Moroccan authorities have warned Spain that they have lost track of 400 suspected militants who trained in al-Qaida terrorist camps in Afghanistan, a newspaper reported Sunday.
Most of the suspects in the Madrid train bombings were Moroccan, prompting that country’s government to alert Spanish anti-terrorism judge Baltasar Garzon of the situation during a meeting in Rabat, Morocco, in early July.
About 600 Moroccans were known to have trained in Afghanistan in camps sponsored by Osama bin Laden, the daily El Pais said, quoting unidentified sources close to police and judicial officials.
But Morocco knew the whereabouts of only 200 of them, El Pais said.
No confirmation immediately available
Spanish Interior Minister Jose Antonio Alonso declined to confirm the report, but said Spanish authorities were in constant contact with their Moroccan counterparts.
The newspaper story backs up statements Garzon made earlier this month to a Spanish parliamentary commission investigating the Madrid bombings. He told the commission that Morocco was teeming with some 100 al-Qaida-linked cells capable of staging suicide attacks in Europe.
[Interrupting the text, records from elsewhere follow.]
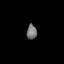
Tissue: prostate
Cell type: T cells
Senescence score: 0.3519
Nuclear area (px): 149
Mean DAPI intensity: 115.993
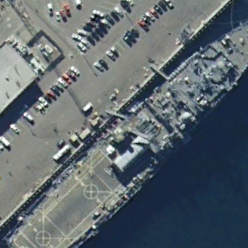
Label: combat
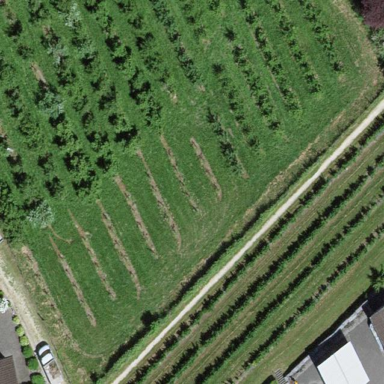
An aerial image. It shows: Orchard.
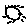
Label: sun
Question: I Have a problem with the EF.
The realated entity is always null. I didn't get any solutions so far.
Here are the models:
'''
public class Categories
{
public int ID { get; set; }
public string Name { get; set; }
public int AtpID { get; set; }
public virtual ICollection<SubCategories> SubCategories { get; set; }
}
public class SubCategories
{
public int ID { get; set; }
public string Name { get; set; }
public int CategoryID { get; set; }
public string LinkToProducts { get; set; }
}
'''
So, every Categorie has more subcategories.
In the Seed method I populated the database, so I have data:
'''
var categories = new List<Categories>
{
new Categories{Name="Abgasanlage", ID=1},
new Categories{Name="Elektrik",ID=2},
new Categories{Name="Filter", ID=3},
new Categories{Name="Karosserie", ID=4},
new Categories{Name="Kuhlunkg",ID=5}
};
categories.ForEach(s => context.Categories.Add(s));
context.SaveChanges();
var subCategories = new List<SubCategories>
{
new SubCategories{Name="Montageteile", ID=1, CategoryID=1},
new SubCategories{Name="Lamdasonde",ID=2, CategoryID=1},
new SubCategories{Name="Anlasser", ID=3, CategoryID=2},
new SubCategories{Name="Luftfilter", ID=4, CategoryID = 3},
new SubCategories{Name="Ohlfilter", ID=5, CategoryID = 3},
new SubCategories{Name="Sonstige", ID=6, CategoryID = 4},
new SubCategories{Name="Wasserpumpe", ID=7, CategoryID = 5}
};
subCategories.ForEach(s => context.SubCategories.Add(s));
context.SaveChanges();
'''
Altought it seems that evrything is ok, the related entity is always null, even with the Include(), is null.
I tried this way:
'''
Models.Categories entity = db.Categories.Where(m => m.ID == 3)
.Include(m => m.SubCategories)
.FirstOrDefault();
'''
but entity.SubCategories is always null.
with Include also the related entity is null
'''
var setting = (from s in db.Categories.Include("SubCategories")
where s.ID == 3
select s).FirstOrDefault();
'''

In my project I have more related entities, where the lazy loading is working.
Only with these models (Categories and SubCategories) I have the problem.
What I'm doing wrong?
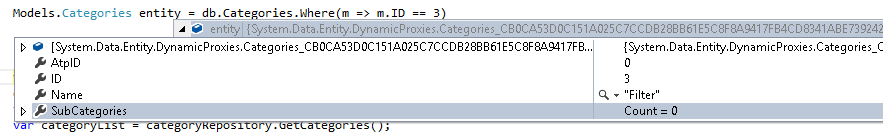
Answer: Your problem is on your 'SubCategories' model.You have to fix that as shown below.
use 'public virtual Categories Categories { get; set; }' on it.Hence you didn't do that,EF doesn't know how to fetch the related entities (or navigational property) from the db when you use 'Include' or Lazy loading.And also you need to change 'CategoryID' as 'CategoriesID'.B'cos your model's name is 'Categories'.
'''
public class SubCategories
{
public int ID { get; set; }
public string Name { get; set; }
[ForeignKey("CategoriesID")]
public virtual Categories Categories{ get; set; }//you have to do this
public int CategoriesID { get; set; }
public string LinkToProducts { get; set; }
}
'''
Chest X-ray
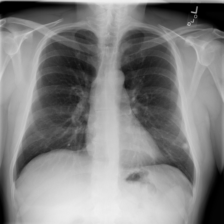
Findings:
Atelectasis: negative
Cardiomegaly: negative
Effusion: negative
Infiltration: negative
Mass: negative
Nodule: negative
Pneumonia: negative
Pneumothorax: negative
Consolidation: negative
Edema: negative
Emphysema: negative
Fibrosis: negative
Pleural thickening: negative
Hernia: negative
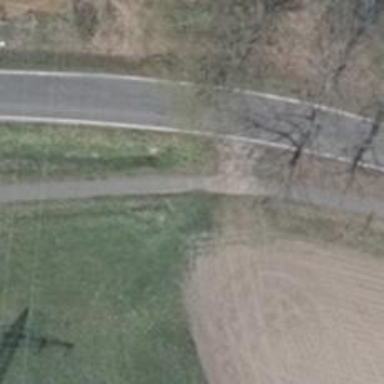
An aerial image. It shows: Asphalt path.
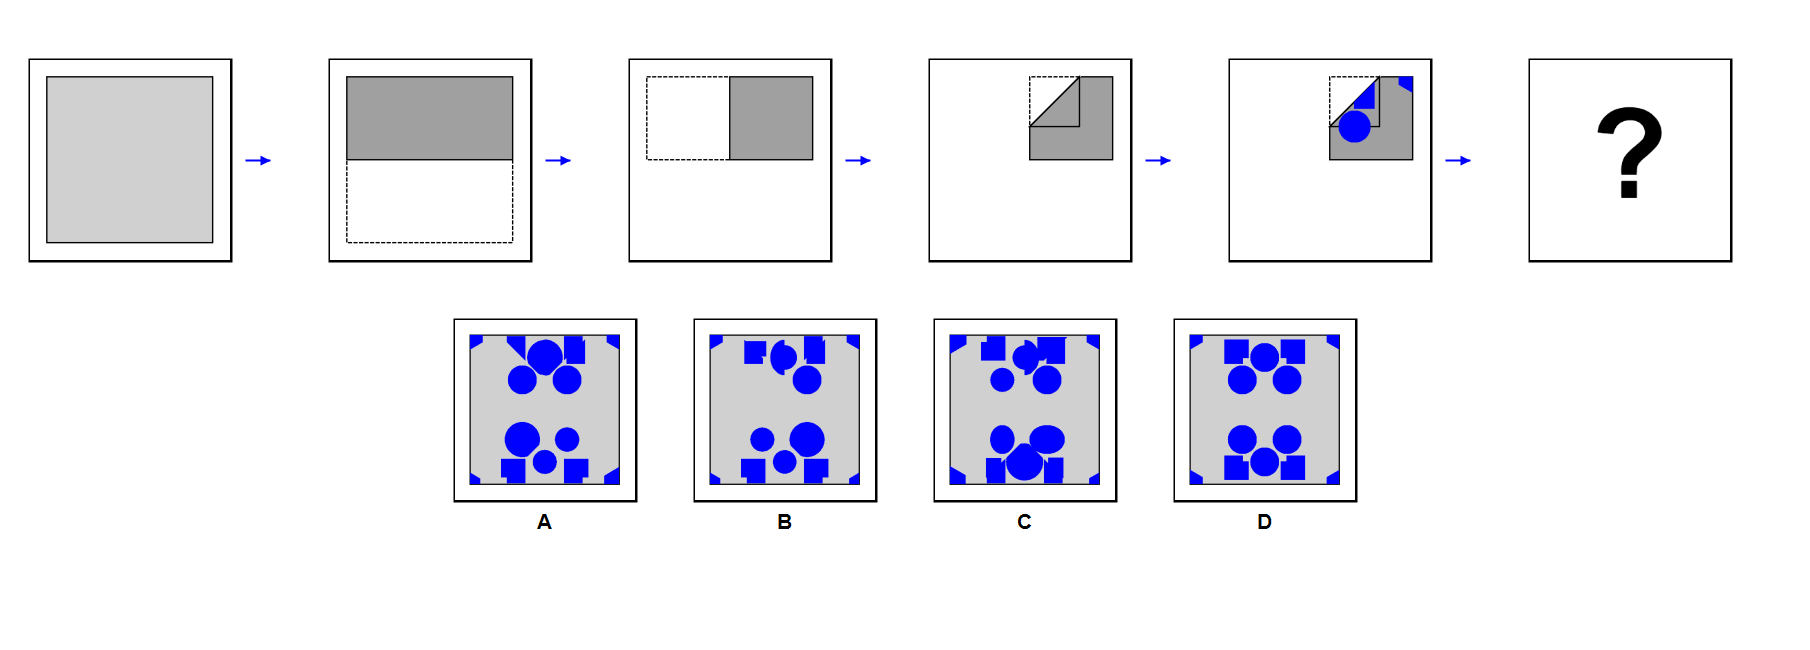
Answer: D

More than 50 people, mostly Moroccans, have been arrested and 16 remain in jail in connection with the train bombings that killed 191 people and injured some 2,000 others.
Garzon told the commission that many of the cells are in northern Morocco and contain members who speak perfect Spanish, allowing them to slip easily in and out of Spain — just a short ferry ride across the Strait of Gibraltar.
He also said the groups raise money by dealing hashish, selling stolen cars and smuggling people into Spain.
El Pais reported Sunday that Moroccan officials and Garzon also discussed greater anti-terrorism cooperation between Spain and Morocco and among North African countries, like Algeria, and European countries, like France and Italy.